The CrafsMan has a DIY video on how to do it, he's also just a wonderful treat in general. https://www.youtube.com/watch?v=4tYMUqsVhfc
When I got married (20+ years ago) I burned a CD full of music for the DJ. Songs that were not likely in his/her collection.
I found the CD in a box about a year ago, and it is currently in my car stereo. All the songs are in tact.
Oh.. My xbox also reads and plays the music.
The script you downloaded from GitHub, or data format used, may long be gone.
Especially relevant if you store in the cloud (you should probably encrypt in that case).
I find that incredibly hard to believe
The most common form is magnetic storage, which is what you find on your hard drive or a floppy disk. It's really good at storing data and can hold a lot of it. However, it is not very stable. Magnetic storage degrades over time, meaning that the longer you use it, the more unreliable it becomes. This means that you need to frequently back up your data and/or replace your hard drive fairly regularly.
Another form is optical storage, which stores information as a pattern of pits on a surface such as a CD-ROM or DVD. Optical storage is also not very stable, as discs can be scratched easily. But optical storage drives are cheap and easy to use (you probably already have one in your computer.) Optical drives can also read from many different types of discs, which makes them versatile.
Finally there is tape storage, which records data onto magnetic tape like the kind used for analog audio cassettes. Tape storage is great for recording large amounts of data quickly, but accessing information on tape takes longer than accessing something stored on magnetic or optical media.
USB flash? HDD? SSD?
> must keep for at least 3 decades
Most storage mediums won't have problems lasting that long if they're stored well. Particularly flash and SSD storage shouldn't take issue: tape and HDD has a small chance of mechanical failure even if you don't use them.
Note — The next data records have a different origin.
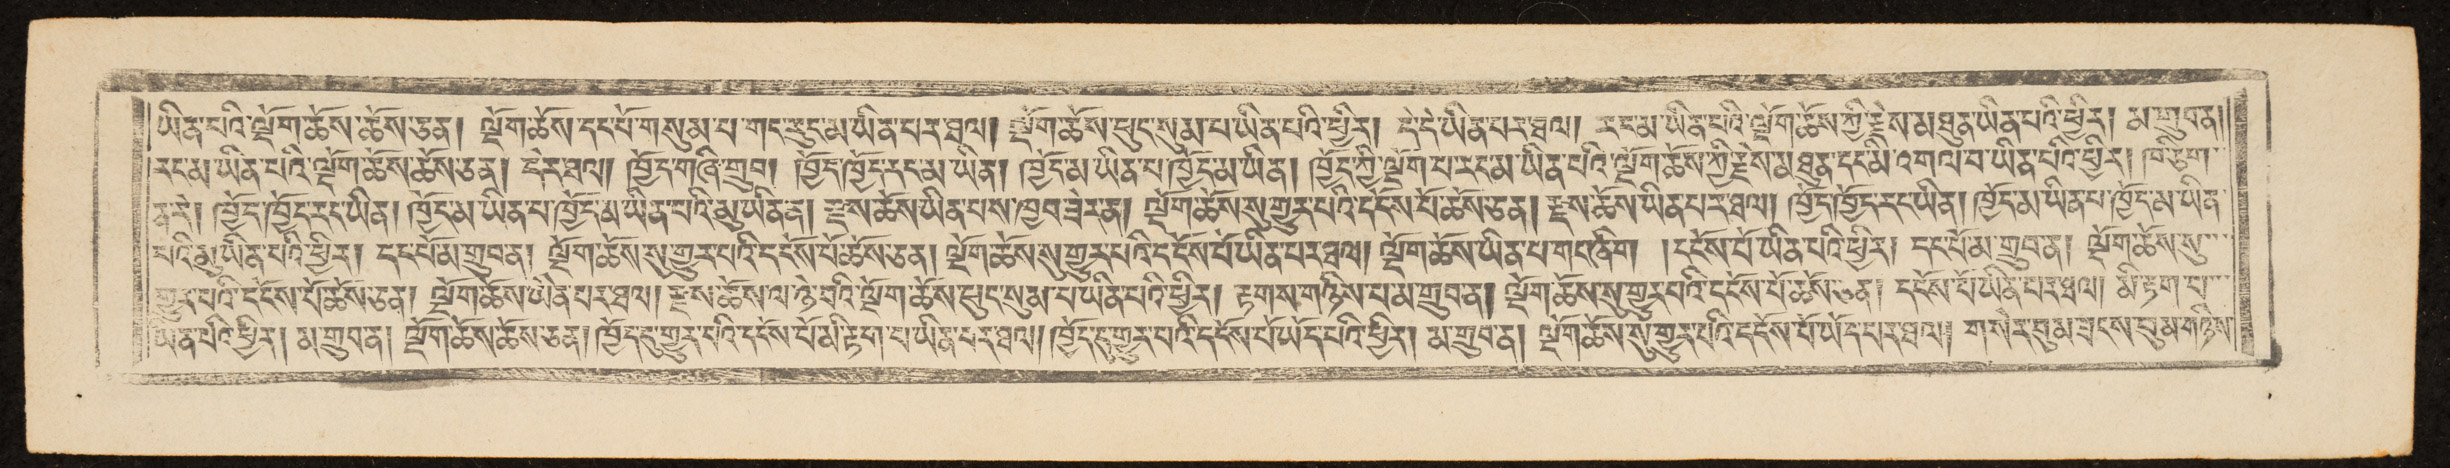ཡིན་པའི་ལྡོག་ཆོས་ཆོས་ཅན། ལྡོག་ཆོས་དང་པོ་གསུམ་པོ་གང་རུང་མ་ཡིན་པར་ཐལ། ལྡོག་ཆོས་ཕུང་སུམ་པ་ཡིན་པའི་ཕྱིར། དེ་དེ་ཡིན་པར་ཐལ། རང་མ་ཡིན་པའི་ལྡོག་ཆོས་ཀྱི་རྗེས་མཐུན་ཡིན་པའི་ཕྱིར། མ་གྲུབ་ན།
རང་མ་ཡིན་པའི་ལྡོག་ཆོས་ཆོས་ཅན། དེར་ཐལ། ཁྱོད་གཞི་གྲུབ། ཁྱོད་ཁྱོད་རང་མ་ཡིན། ཁྱོད་མ་ཡིན་པ་ཁྱོད་མ་ཡིན། ཁྱོད་ཀྱི་ལྡོག་པ་རང་མ་ཡིན་པའི་ལྡོག་ཆོས་ཀྱི་རྗེས་མཐུན་དང་མི་འགལ་བ་ཡིན་པའི་ཕྱིར། ཁ་ཅིག་
ན་རེ། ཁྱོད་ཁྱོད་རང་ཡིན། ཁྱོད་མ་ཡིན་པ་ཁྱོད་མ་ཡིན་པའི་མུ་ཡིན་ན། རྫས་ཆོས་ཡིན་པས་ཁྱབ་ཟེར་ན། ལྡོག་ཆོས་སུ་གྱུར་བའི་དངོས་པོ་ཆོས་ཅན། རྫས་ཆོས་ཡིན་པར་ཐལ། ཁྱོད་ཁྱོད་རང་ཡིན། ཁྱོད་མ་ཡིན་པ་ཁྱོད་མ་ཡིན་
པའི་མུ་ཡིན་པའི་ཕྱིར། དང་པོ་མ་གྲུབ་ན། ལྡོག་ཆོས་སུ་གྱུར་བའི་དངོས་པོ་ཆོས་ཅན། ལྡོག་ཆོས་སུ་གྱུར་བའི་དངོས་པོ་ཡིན་པར་ཐལ། ལྡོག་ཆོས་ཡིན་པ་གང་ཞིག །དངོས་པོ་ཡིན་པའི་ཕྱིར། དང་པོ་མ་གྲུབ་ན། ལྡོག་ཆོས་སུ་
གྱུར་པའི་དངོས་པོ་ཆོས་ཅན། ལྡོག་ཆོས་ཡིན་པར་ཐལ། རྫས་ཆོས་ལ་ཉེ་བའི་ལྡོག་ཆོས་ཕུང་སུམ་པ་ཡིན་པའི་ཕྱིར། རྟགས་གཉིས་པ་མ་གྲུབ་ན། ལྡོག་ཆོས་སུ་གྱུར་བའི་དངོས་པོ་ཆོས་ཅན། དངོས་པོ་ཡིན་པར་ཐལ། མི་རྟག་པ་
ཡིན་པའི་ཕྱིར། མ་གྲུབ་ན། ལྡོག་ཆོས་ཆོས་ཅན། ཁྱོད་དུ་གྱུར་བའི་དངོས་པོ་མི་རྟག་པ་ཡིན་པར་ཐལ། ཁྱོད་དུ་གྱུར་བའི་དངོས་པོ་ཡོད་པའི་ཕྱིར། མ་གྲུབ་ན། ལྡོག་ཆོས་སུ་གྱུར་བའི་དངོས་པོ་ཡོད་པར་ཐལ། གསེར་བུམ་ཟངས་བུམ་གཉིས་
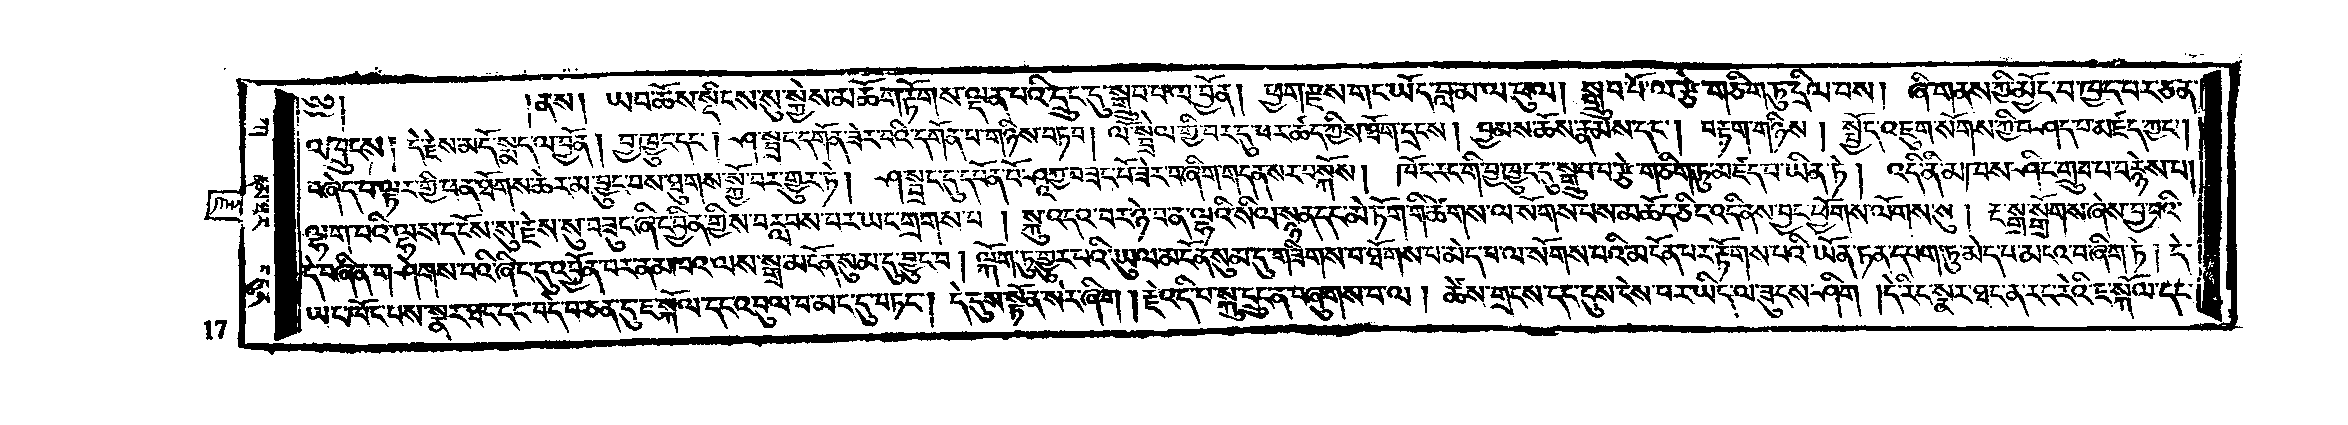༄༅། །ནས། ཡབ་ཆོས་སྡིངས་སུ་སྐྱེས་མཆོག་རྟོགས་ལྡན་པའི་དྲུང་དུ་སྒྲུབ་པ་ལ་བྱོན། ཕྱག་རྫས་གང་ཡོད་བླ་མ་ལ་ཕུལ། སྒྲུབ་པོ་ལ་རྩེ་གཅིག་ཏུ་དྲིལ་བས། ཞི་གནས་ཀྱི་མྱོང་བ་ཁྱད་པར་ཅན་
འཁྲུངས། དེ་རྗེས་མདོ་སྨད་ལ་བྱོན། བྱ་ཁྱུང་དང་། ཤ་སྦྲང་དགོན་ཟེར་བའི་དགོན་པ་གཉིས་བཏབ། ལོ་སྦྲེལ་གྱི་བར་དུ་ཕར་ཚད་ཀྱིས་ཐོག་དྲངས། བྱམས་ཆོས་རྣམས་དང་། བརྟག་གཉིས། སྤྱོད་འཇུག་སོགས་ཀྱི་བཤད་པ་མཛད་ཀྱང་།
བཞེད་པ་ལྟར་གྱི་ཕན་ཐོགས་ཆེར་མ་བྱུང་བས་ཐུགས་སྐྱོ་བར་གྱུར་ཏེ། ཤ་སྦྲང་དུ་དཔོན་པོ་ཤཱཀྱ་བཟང་པོ་ཟེར་བ་ཞིག་གདན་སར་བསྐོས། ཁོང་རང་གི་བྱ་ཁྱུང་དུ་སྒྲུབ་པ་རྩེ་གཅིག་ཏུ་མཛད་པ་ཡིན་ཏེ། འདི་ནི་མཁས་ཤིང་གྲུབ་པ་བརྙེས་པ།
ལྷག་པའི་ལྷས་དངོས་སུ་རྗེས་སུ་བཟུང་ཞིང་བྱིན་གྱིས་བརླབས་པར་ཡང་གྲགས་པ། སྐུ་འདའ་བར་ཉེ་བ་ན་ལྷའི་སིལ་སྙན་དང་མེ་ཏོག་གི་ཚེགས་ལ་སོགས་པས་མཆོད་ཅིང་འདི་ནས་བྱང་ཕྱོགས་ལོགས་སུ། རྔ་སྒྲ་སྒྲོགས་ཞེས་བྱ་བའི་
དེ་བཞིན་གཤེགས་པའི་ཞིང་དུ་འབྱོན་པར་ནམ་མཁའ་ལས་སྒྲ་མངོན་སུམ་དུ་བྱུང་བ། ལྐོག་ཏུ་གྱུར་པའི་ཡུལ་མངོན་སུམ་དུ་གཟིགས་པ་ཐོགས་པ་མེད་པ་ལ་སོགས་པའི་མངོན་པར་རྟོགས་པའི་ཡོན་ཏན་དཔག་ཏུ་མེད་པ་མངའ་བ་ཞིག་ཏེ། དེ་
ཡང་ཁོང་པས་སྣར་ཐང་དང་བདེ་བ་ཅན་དུ་ཇ་སྐོལ་དང་འབུལ་བ་མང་དུ་བཏང་། དེ་དུས་སྟོན་སེར་ཞིག །རྗེ་འདི་པ་སྐུ་དྲུང་ན་བཞུགས་པ་ལ། ཚེས་གྲངས་དང་དུས་ངེས་པར་ཡིད་ལ་ཟུངས་ཤིག །དེ་རིང་སྣར་ཐང་ན་རང་རེའི་ཇ་སྐོལ་དང་
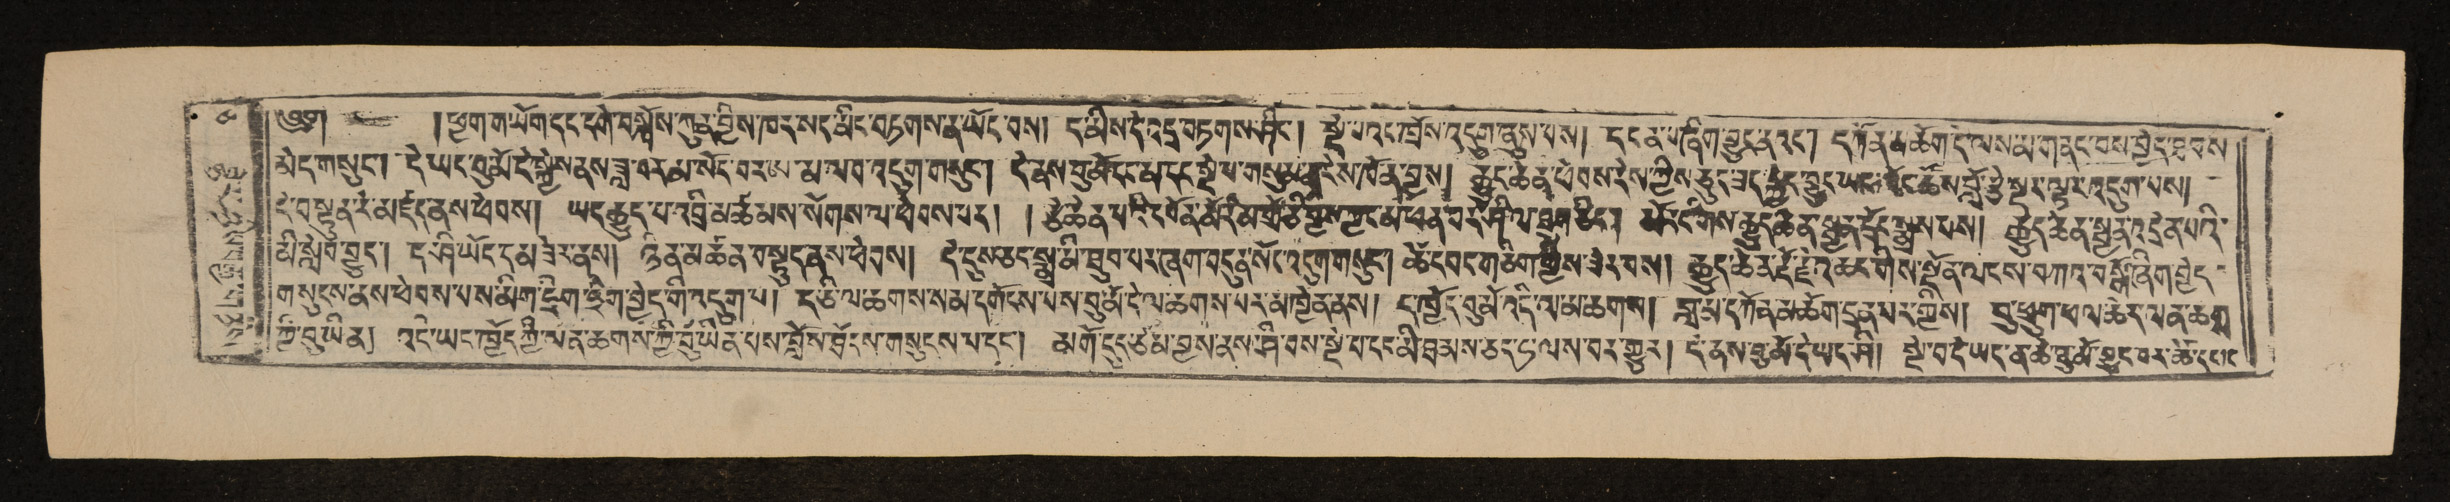༄༅། །ཕྱག་གཡོག་དང་དགེ་བསྐོས་ཀུན་གྱིས་ཁར་སང་མིང་བཏགས་ན་ཡོང་བས། དམིས་དེ་འདྲ་བཏགས་ཤིང་། སྡེ་པའང་ཁྲོས་འདུག་ཞུས་པས། དང་ན་པ་ཞིག་བྱུང་ནའང་། དཀོན་མཆོག་དེ་ལས་མ་གནང་བས་བྱེད་ཐབས་
མེད་གསུང་། དེ་ཡང་བུ་མོ་དེ་སྐྱེས་ནས་ཟླ་བར་མ་སོང་བར་ཨ་མ་ལབ་འདུག་གསུང་། དེ་ནས་བུ་མོ་དང་མ་དང་སྡེ་པ་གསུམ་ན་རེས་ཁོ་ན་བྱས། རྒྱུད་ཆེན་ཕེབས་རེས་ཀྱིས་ཅུང་ཟད་སྐྱེད་བྱུང་ཡང་ཁོང་ཚོས་བློ་རྩེ་སྔར་ལྟར་འདུག་པས།
དེ་བསྟུན་རེ་མཛད་ནས་ཕེབས། ཡང་རྒྱུད་པ་འབྲི་མཚམས་སོགས་ལ་ཕེབས་བར། རྩེ་ཆེན་པའི་དཔོན་མོ་རིམ་གྲོ་ཅི་བྱས་ཀྱང་མ་ཕན་པར་ཤི་ལ་ཐུག་ཅིང་། མོ་རང་གིས་རྒྱུད་ཆེན་སྤྱན་དྲོང་སྨྲས་པས། རྒྱུད་ཆེན་སྤྱན་འདྲེན་པའི་
མི་སླེབ་བྱུང་། ད་ཤི་ཡོད་དམ་ཟེར་ནས། ཉིན་མཚན་བསྟུད་ནས་ཕེབས། དེ་དུས་ཅང་སྨྲ་མི་ཐུབ་པར་ཞག་བདུན་སོང་འདུག་གསུང་། ཚེ་དབང་གཅིག་གྱིས་ཟེར་བས། རྒྱུད་ཆེན་རྡོ་རྗེ་འཆང་གིས་སྔོན་ལ་ངས་བཀའ་བསྒོ་ཞིག་བྱེད་
གསུངས་ནས་ཕེབས་པས་མིག་ཧྲིག་ཧྲིག་བྱེད་གི་འདུག་པ། ད་ཅི་ལ་ཆགས་སམ་དགོངས་པས་བུ་མོ་དེ་ལ་ཆགས་པར་མཁྱེན་ནས། ད་ཁྱོད་བུ་མོ་འདི་ལ་མ་ཆགས། བླ་མ་དཀོན་མཆོག་དྲན་པར་གྱིས། བུ་ཕྲུག་ཕལ་ཆེར་ལན་ཆགས་
ཀྱི་བུ་ཡིན། འདི་ཡང་ཁྱོད་ཀྱི་ལན་ཆགས་ཀྱི་བུ་ཡིན་པས་བློས་ཐོངས་གསུངས་པ་དང་། མགོ་དུད་ཙམ་བྱས་ནས་ཤི་བས་སྡེ་བ་དང་མི་ཐམས་ཅད་ཧ་ལས་པར་གྱུར། དེ་ནས་བུ་མོ་དེ་ཡང་ཤི། སྡེ་པ་དེ་ཡང་ན་ཚ་ཐུ་མོ་བྱུང་བར་ཚེ་དབང་

> must be easily transportable (for moves between houses and such) and can sit on a shelf
I mean, I think most of our current formats do just fine in that regard.
> Bonus points for suggestions on an equally stable storage type that some computer will still be able to understand in the future.
Almost everyone is still using SATA. There is unlikely to be a world in the future that is unable to "understand" serial ATA storage.